In October 2006, GNER put 89001 up for sale, with a six-week deadline for bids. The AC Locomotive Group launched an appeal and fundraising effort to save the locomotive, which was ultimately successful; it was purchased in December 2006. The locomotive was mostly complete, although a number of major components required expensive overhaul before it could run on the main line again. A thorough survey was undertaken to establish exactly what was required and costs drawn up.

Cosmetic work in 2007 saw the locomotive return to its original InterCity Executive colour scheme. Electrical restoration work focused on repairing and/or refurbishing the items that led to the locomotive being withdrawn from service, namely the traction motors and their associated field converter electronics. It was lifted by the Harry Needle Railroad Company at Barrow Hill in December 2010 and three traction motors were removed, including the one known to be faulty. In February 2011, these were being examined at Bowers to allow repair cost estimates to be made. Two of the field converters were removed, with one being faulty, and repair estimates were sought again. Initially it was intended, as funds became available, to allow one power group (i.e. one bogie) to become fully operational.

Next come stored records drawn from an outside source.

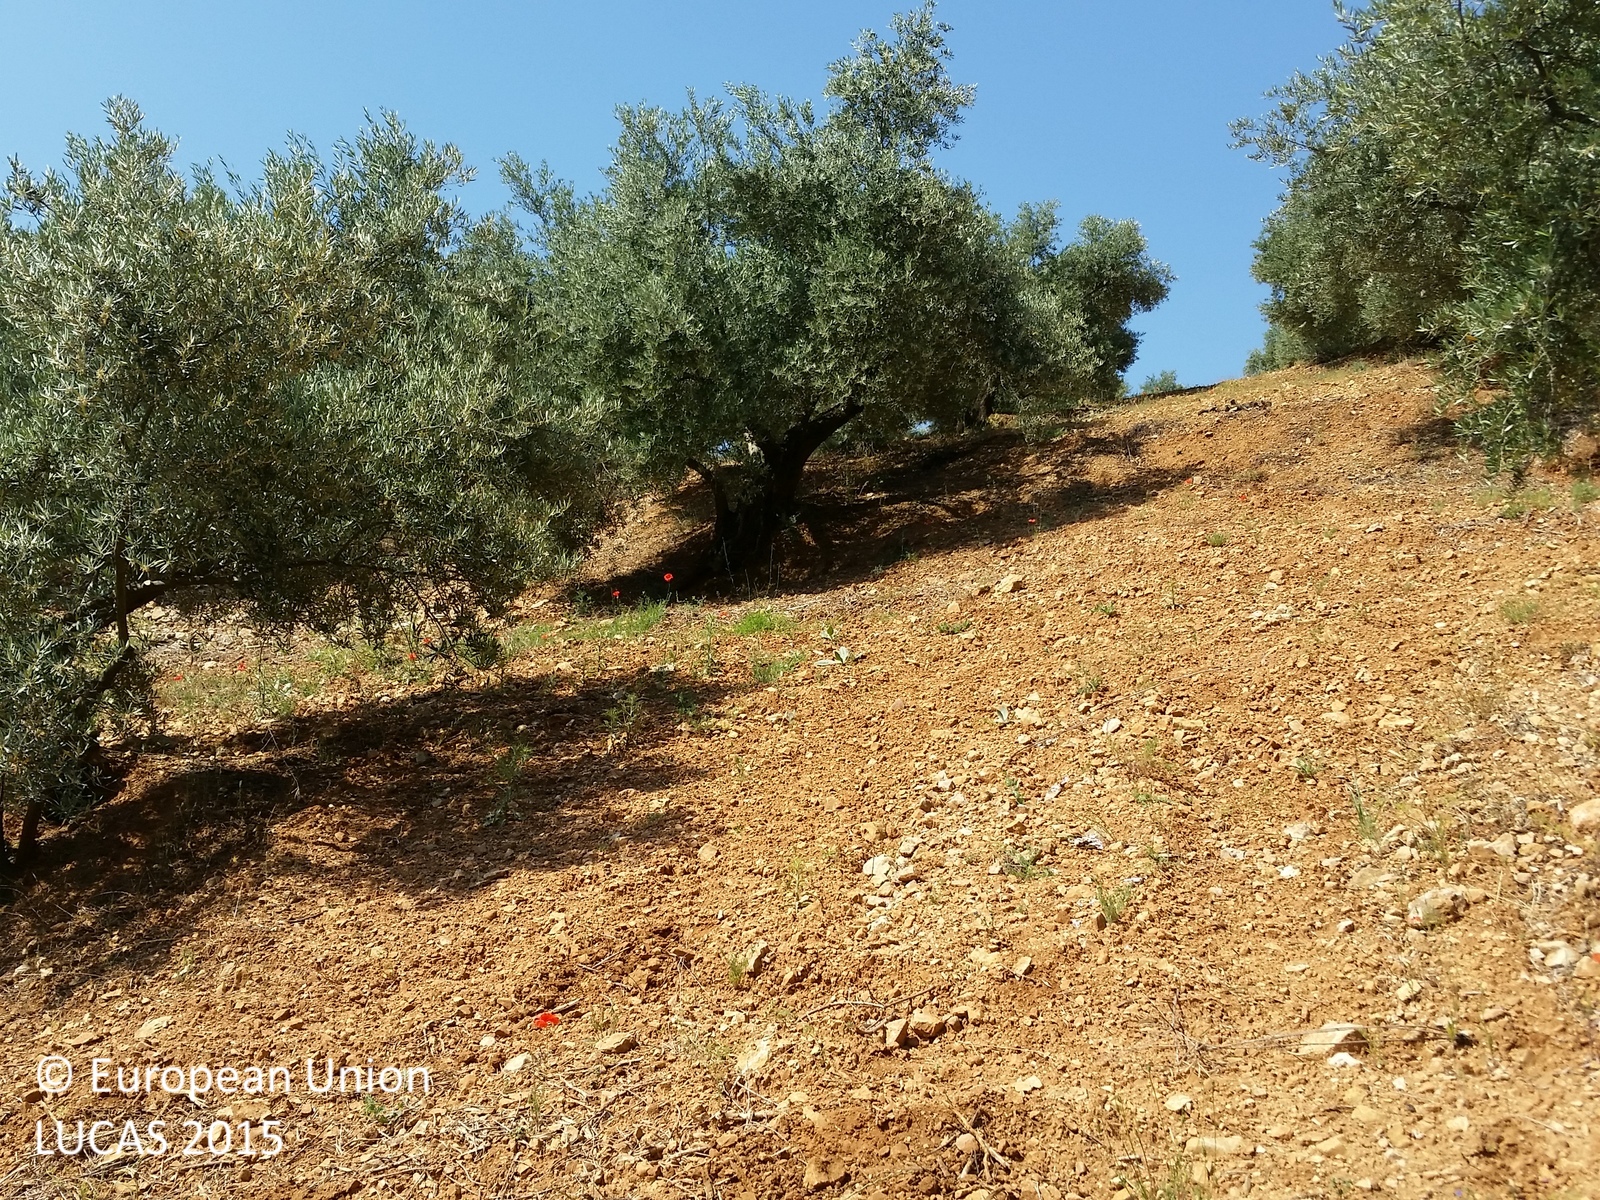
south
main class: Cropland
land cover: Olive groves
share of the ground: 50 - 75 %
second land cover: Spontaneously vegetated surfaces
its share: 10 - 25 %
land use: Agriculture (excluding fallow land and kitchen gardens)
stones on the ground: 10 - 25 %
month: June
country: ES
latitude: 38.4312
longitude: -2.5653

On 30 April 2020, the locomotive was moved from Barrow Hill to Toton TMD to be repainted; it was outshopped in InterCity Swallow livery.

In October 2020, it was hauled to Soho TMD for testing. In December 2021, the AC Locomotive Group announced it had formed a new partnership with Locomotive Services Limited (LSL) that would see the remaining tasks in the overhaul completed and 89001 returned to the main line. The overhaul was completed in 2025 and a series of main line test runs between Crewe and were made in September 2025.

==Models==
The Class 89 has been made as a kit and as a ready-to-run model in OO gauge by Silver Fox Models.

In 2020, Accurascale announced its intention to manufacture a ready-to-run model in OO gauge, to be sold as a Rails of Sheffield exclusive model.

==Other uses of Class 89==
Since 1989, numbers in the Class 89 range have been used to register preserved main line-accredited diesel and electric locomotives, except shunters, on TOPS and its successor systems. These locomotives can continue to display their historic numbers, but are identified in industry data systems by their 89xxx identity.